Existe un nivel de iluminación específico según
el tipo de vía (expresa, arterial, colectora, local comercial
y residencial y vía peatonal), pero la norma no obliga a las
empresas a cumplir con los estándares óptimos, basta con
que alcancen el mínimo de iluminación exigido para cumplir
con ella.
"Para una calle residencial se ha establecido entre dos y cinco
'luxes' (unidades que miden la intensidad de la luz reflejada en una
superficie), pero con que la empresa llegue a dos cumple la ley, aun
cuando lo óptimo sea cinco", agrega el ingeniero Ucañay.

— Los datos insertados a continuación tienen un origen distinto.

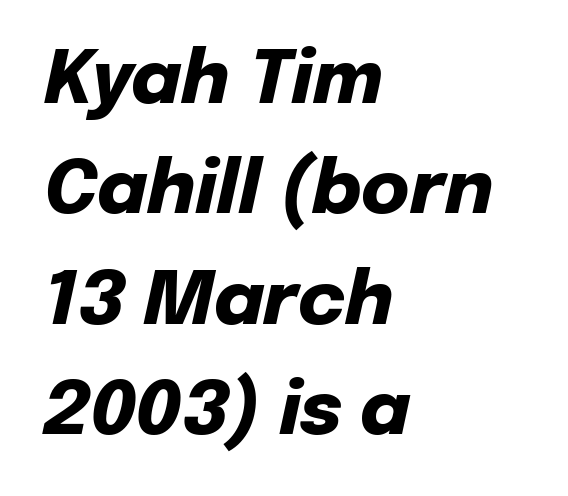
{"italic": "yes", "lean": "right", "slant_degrees": 12, "bold": "yes", "weight": "heavy", "width": "normal", "stroke_contrast": "low", "x_height": "medium", "monospaced": "no", "underline": "no", "align": "left", "line_spacing": "normal", "line_spacing_ratio": 1.49, "letter_spacing": "normal", "letter_spacing_em": 0.0, "glyph_px": 74}

En Lima existen alumbrado público y ornamental. El primero lo
financian las empresas eléctricas con el 5% del monto de la factura
de un distrito, que es dividido entre sus habitantes. El segundo, la
iluminación de plazas, parques o monumentos, que lo pagan las
comunas. Si estas exigen aumentar la potencia de las lámparas
pagarán más. Allí estaría la respuesta a
las diferencias del alumbrado entre distritos. Mientras que San Isidro
o Miraflores tienen luminarias más potentes, en el Rímac,
por ejemplo, apenas hay dos postes por cuadra, según la comuna
rimense.
FISCALIZACIÓN
Y DEFICIENCIAS
El Organismo Supervisor de la Inversión en Energía (Osinerg)
fiscaliza las instalaciones de alumbrado público. Su metodología
vigente, incluida en un plan estratégico con vigencia hasta el
2008, exige a las empresas de electricidad del país a mantener
sus instalaciones de alumbrado público operativas con indicadores
de deficiencia dentro de niveles específicos de tolerancia, establecidos
mediante una fiscalización de una muestra representativa.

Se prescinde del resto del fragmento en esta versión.